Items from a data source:
+++++

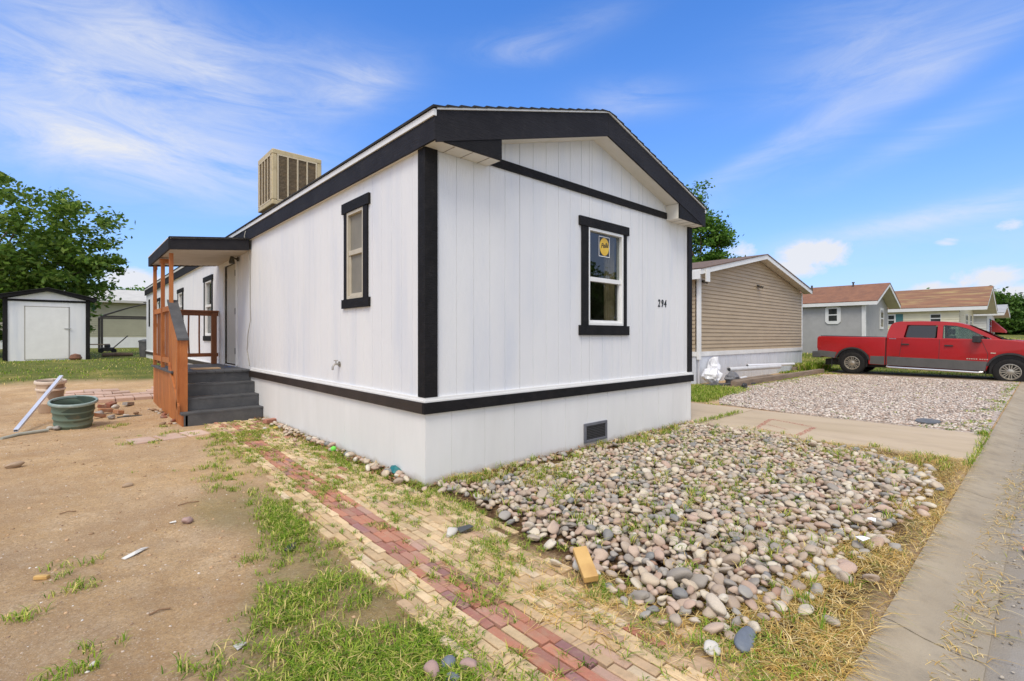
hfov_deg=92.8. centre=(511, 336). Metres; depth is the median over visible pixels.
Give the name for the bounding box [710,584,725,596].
river stone
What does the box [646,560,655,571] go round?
river stone
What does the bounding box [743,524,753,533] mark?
river stone
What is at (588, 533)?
river stone
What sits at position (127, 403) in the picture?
block piece
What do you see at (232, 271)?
door
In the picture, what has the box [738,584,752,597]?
river stone
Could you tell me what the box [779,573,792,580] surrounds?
river stone
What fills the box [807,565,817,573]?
river stone
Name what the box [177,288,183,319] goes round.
window
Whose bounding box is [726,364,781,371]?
drain pipe
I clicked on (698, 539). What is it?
river stone
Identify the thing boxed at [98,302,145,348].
gazebo frame
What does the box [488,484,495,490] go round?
river stone
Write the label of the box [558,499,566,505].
river stone
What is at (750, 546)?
river stone
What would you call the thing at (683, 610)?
river stone
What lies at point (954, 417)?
gravel
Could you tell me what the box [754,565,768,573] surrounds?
river stone
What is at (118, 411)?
brick
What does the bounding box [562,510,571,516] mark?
river stone
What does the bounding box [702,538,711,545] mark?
river stone
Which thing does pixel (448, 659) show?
loose stone
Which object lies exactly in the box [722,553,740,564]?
river stone
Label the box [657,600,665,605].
river stone
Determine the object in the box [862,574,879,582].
river stone
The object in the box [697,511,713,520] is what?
river stone
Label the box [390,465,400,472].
plastic bag
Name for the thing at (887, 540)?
river stone
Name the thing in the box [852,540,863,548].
river stone
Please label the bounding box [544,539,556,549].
river stone
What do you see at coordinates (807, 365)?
tall weeds
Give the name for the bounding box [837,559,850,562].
river stone
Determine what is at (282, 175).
evaporative cooler
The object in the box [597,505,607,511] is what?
river stone
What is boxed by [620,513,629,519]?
river stone
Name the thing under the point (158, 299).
window
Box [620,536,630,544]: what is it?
river stone
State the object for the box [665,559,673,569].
river stone
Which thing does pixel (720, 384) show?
board
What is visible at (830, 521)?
river stone
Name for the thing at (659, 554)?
river stone
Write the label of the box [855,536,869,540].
paper scrap
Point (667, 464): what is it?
river stone
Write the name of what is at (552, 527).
river stone
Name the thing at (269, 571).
grass
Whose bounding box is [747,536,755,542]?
river stone
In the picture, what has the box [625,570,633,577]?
river stone
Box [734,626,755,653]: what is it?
loose stone
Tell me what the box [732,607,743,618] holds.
river stone
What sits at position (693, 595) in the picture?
river stone
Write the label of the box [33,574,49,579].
wood block
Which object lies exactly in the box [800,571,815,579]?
river stone
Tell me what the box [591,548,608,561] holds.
river stone
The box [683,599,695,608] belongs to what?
river stone
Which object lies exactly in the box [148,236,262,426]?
porch
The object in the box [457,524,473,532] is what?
stone
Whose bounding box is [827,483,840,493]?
river stone
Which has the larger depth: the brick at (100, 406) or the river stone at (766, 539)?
the brick at (100, 406)
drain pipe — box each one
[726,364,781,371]
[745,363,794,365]
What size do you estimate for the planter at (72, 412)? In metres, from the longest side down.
0.592 x 0.582 x 0.450 m
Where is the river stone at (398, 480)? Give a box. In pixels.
[393,477,403,484]
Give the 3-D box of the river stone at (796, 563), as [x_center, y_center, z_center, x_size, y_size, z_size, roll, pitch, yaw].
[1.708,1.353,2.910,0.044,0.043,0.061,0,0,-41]
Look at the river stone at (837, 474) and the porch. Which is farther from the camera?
the porch
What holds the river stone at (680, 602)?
on the ground at (182, 556)
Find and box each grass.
[0,422,543,680]
[115,428,670,670]
[490,434,993,680]
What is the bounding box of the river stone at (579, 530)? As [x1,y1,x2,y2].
[575,526,585,534]
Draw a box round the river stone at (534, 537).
[527,534,539,540]
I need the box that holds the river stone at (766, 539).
[760,537,770,546]
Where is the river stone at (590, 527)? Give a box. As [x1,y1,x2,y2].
[586,524,595,530]
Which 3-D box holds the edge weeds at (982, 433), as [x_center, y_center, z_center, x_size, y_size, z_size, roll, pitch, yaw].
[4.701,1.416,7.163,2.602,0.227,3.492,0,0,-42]
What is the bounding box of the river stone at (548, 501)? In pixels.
[545,498,553,505]
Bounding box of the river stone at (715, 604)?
[706,593,726,615]
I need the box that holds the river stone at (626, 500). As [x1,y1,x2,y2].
[618,498,629,503]
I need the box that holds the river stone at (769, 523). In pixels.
[764,521,771,527]
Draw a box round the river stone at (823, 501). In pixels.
[811,497,824,503]
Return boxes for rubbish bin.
[138,339,145,356]
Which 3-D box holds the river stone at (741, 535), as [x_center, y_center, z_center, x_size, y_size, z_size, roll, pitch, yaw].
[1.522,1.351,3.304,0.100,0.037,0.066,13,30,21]
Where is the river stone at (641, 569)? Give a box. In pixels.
[638,566,647,574]
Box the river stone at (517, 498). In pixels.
[513,495,522,502]
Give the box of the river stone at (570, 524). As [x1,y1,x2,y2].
[566,522,576,527]
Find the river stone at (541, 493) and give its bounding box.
[536,488,546,498]
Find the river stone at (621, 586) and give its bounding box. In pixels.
[616,584,625,592]
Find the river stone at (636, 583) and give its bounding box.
[630,577,643,589]
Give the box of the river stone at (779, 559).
[773,554,784,563]
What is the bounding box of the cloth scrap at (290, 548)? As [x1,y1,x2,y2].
[284,542,295,551]
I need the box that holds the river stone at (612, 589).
[607,585,617,593]
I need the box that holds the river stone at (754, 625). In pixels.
[747,621,760,633]
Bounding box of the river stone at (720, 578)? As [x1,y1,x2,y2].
[713,573,725,585]
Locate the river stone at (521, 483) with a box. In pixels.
[516,480,524,486]
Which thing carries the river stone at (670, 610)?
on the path
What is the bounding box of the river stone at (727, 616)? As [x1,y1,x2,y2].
[717,612,729,619]
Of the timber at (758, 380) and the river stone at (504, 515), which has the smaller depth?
the river stone at (504, 515)
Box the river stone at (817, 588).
[810,583,823,595]
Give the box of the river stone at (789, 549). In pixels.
[782,545,798,557]
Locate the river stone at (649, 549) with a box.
[646,546,652,552]
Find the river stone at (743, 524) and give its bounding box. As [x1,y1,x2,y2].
[739,518,747,527]
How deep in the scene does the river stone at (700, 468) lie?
4.89 m
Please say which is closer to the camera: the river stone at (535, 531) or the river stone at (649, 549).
the river stone at (649, 549)
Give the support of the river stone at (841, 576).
on the dry grass at (840, 630)
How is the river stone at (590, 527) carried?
on the ground at (182, 556)
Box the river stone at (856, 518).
[850,514,865,525]
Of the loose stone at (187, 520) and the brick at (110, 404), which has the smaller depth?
the loose stone at (187, 520)
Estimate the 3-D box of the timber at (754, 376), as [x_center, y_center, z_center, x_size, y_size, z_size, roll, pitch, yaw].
[7.448,1.320,15.063,2.900,0.160,0.160,0,0,-43]
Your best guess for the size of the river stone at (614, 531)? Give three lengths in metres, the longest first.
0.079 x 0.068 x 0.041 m
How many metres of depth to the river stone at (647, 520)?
3.53 m
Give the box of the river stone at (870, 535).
[865,533,876,538]
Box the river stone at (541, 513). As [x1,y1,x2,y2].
[534,510,547,516]
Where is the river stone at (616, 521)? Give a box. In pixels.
[613,518,624,526]
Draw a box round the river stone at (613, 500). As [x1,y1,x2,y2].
[609,497,618,503]
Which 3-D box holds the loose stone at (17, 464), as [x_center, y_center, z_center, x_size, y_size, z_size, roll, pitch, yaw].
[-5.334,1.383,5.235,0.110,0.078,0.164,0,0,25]
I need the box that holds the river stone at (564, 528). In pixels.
[561,526,568,531]
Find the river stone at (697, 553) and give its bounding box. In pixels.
[693,549,706,558]
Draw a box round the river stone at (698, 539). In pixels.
[695,534,703,544]
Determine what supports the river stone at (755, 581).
on the river stone
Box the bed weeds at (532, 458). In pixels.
[436,421,956,629]
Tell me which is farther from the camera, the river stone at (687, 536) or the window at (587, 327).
the window at (587, 327)
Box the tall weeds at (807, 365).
[792,361,830,370]
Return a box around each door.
[25,307,70,358]
[223,257,237,365]
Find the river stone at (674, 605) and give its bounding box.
[667,601,679,610]
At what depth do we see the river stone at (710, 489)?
4.22 m
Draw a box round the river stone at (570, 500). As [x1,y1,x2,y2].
[567,497,574,503]
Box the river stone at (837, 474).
[832,470,843,477]
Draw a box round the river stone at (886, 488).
[879,484,894,492]
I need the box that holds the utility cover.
[915,418,940,423]
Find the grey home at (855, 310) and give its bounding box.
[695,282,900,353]
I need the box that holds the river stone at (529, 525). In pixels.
[524,521,535,529]
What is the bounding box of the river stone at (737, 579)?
[730,574,743,584]
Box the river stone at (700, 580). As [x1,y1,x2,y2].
[689,574,708,588]
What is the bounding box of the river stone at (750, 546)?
[742,542,754,550]
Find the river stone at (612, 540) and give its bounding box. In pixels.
[609,538,618,542]
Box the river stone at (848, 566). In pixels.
[838,561,856,574]
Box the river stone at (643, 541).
[639,538,648,542]
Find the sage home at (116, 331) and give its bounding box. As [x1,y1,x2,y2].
[0,289,145,348]
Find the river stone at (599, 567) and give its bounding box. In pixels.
[593,562,603,572]
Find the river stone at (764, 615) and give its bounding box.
[757,613,769,620]
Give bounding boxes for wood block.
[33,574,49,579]
[573,546,598,582]
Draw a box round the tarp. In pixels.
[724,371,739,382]
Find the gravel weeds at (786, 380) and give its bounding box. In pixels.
[700,372,1018,433]
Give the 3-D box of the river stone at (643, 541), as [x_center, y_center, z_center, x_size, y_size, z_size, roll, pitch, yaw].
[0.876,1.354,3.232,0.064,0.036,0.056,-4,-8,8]
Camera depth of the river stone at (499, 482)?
4.44 m
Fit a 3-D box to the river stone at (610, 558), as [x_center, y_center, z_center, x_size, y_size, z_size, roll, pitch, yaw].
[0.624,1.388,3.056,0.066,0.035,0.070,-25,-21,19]
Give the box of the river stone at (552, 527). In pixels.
[547,520,558,533]
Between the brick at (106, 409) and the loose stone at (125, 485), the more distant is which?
the brick at (106, 409)
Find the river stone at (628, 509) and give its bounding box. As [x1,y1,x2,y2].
[618,507,631,512]
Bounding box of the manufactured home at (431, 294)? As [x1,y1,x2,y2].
[144,104,707,485]
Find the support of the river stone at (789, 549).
on the dry grass at (840, 630)
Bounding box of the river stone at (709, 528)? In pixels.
[705,524,718,536]
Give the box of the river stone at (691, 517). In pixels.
[687,514,699,522]
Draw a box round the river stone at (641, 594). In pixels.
[627,590,649,599]
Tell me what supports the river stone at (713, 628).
on the ground at (182, 556)
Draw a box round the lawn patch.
[691,383,755,402]
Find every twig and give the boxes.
[117,415,141,417]
[149,607,170,614]
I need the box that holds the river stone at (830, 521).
[825,518,840,527]
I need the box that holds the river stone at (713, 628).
[702,622,723,634]
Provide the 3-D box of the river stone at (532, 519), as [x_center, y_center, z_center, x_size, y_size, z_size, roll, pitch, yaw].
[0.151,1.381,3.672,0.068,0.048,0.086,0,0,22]
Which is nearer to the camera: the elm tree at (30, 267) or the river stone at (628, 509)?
the river stone at (628, 509)
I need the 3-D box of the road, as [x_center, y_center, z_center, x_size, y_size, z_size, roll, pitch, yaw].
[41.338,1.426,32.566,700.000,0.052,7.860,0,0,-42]
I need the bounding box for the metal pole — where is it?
[13,375,62,431]
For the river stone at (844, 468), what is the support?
on the ground at (182, 556)
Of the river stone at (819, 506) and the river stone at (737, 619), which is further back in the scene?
the river stone at (819, 506)
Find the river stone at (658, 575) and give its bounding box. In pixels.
[654,572,661,579]
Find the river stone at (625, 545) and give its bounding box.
[621,541,629,553]
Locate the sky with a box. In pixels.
[0,0,1023,296]
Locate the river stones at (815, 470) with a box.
[261,417,943,623]
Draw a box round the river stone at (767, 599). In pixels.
[762,596,772,604]
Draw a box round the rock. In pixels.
[69,354,81,359]
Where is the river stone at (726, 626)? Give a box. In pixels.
[721,622,729,631]
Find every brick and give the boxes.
[93,413,105,417]
[97,404,110,407]
[98,408,112,411]
[104,401,116,406]
[113,410,123,413]
[263,418,275,423]
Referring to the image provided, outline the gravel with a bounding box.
[719,374,1014,431]
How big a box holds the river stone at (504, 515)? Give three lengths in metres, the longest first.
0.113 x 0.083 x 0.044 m
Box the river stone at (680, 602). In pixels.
[676,598,689,605]
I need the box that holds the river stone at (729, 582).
[724,578,737,586]
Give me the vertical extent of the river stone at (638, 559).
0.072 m
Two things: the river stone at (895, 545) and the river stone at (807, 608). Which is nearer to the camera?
the river stone at (807, 608)
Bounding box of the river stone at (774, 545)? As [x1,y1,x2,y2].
[770,542,782,552]
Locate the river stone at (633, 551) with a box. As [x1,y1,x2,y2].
[627,545,639,557]
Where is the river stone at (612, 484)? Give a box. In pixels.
[607,481,616,489]
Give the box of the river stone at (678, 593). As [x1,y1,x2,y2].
[672,587,687,599]
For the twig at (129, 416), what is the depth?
8.56 m
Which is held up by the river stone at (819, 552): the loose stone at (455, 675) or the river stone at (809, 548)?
the river stone at (809, 548)
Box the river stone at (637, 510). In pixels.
[631,508,641,513]
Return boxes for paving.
[64,386,152,403]
[126,430,210,444]
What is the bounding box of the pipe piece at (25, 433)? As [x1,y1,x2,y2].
[0,429,48,439]
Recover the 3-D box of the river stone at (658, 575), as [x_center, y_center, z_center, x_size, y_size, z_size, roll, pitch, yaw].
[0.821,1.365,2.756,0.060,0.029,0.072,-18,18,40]
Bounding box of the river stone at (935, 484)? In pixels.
[929,481,944,488]
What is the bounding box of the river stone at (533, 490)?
[528,487,537,492]
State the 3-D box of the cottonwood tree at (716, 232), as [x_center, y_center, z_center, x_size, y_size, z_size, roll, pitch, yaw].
[10.299,-3.814,28.017,8.094,10.428,4.390,0,0,-2]
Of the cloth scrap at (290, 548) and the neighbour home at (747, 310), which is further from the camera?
the neighbour home at (747, 310)
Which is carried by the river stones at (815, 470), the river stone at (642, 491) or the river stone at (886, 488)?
the river stone at (886, 488)
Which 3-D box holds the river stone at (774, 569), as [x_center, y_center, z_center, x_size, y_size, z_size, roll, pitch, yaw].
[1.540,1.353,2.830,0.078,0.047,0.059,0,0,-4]
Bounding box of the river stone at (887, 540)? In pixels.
[871,535,890,543]
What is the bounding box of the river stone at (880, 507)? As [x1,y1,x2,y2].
[875,504,892,512]
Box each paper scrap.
[121,547,147,559]
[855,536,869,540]
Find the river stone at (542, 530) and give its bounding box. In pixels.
[540,528,548,532]
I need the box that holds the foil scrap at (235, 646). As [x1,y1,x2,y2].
[233,641,246,649]
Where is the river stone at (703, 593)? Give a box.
[700,590,708,599]
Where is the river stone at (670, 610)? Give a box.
[666,606,674,618]
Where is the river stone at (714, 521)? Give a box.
[709,519,717,524]
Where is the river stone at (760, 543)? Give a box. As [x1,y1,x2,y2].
[756,540,767,546]
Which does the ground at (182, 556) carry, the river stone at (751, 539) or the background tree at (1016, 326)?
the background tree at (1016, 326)
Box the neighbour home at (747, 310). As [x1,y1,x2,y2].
[691,254,812,383]
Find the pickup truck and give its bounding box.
[812,321,1023,381]
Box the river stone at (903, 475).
[897,474,909,477]
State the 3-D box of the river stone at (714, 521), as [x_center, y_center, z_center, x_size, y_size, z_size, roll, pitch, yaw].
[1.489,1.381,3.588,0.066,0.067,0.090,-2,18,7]
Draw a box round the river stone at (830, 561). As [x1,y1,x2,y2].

+++++

» **Try it**
What is the number of lines in the records that include "background"? Answer with that number alone.

» **Solved problem**
2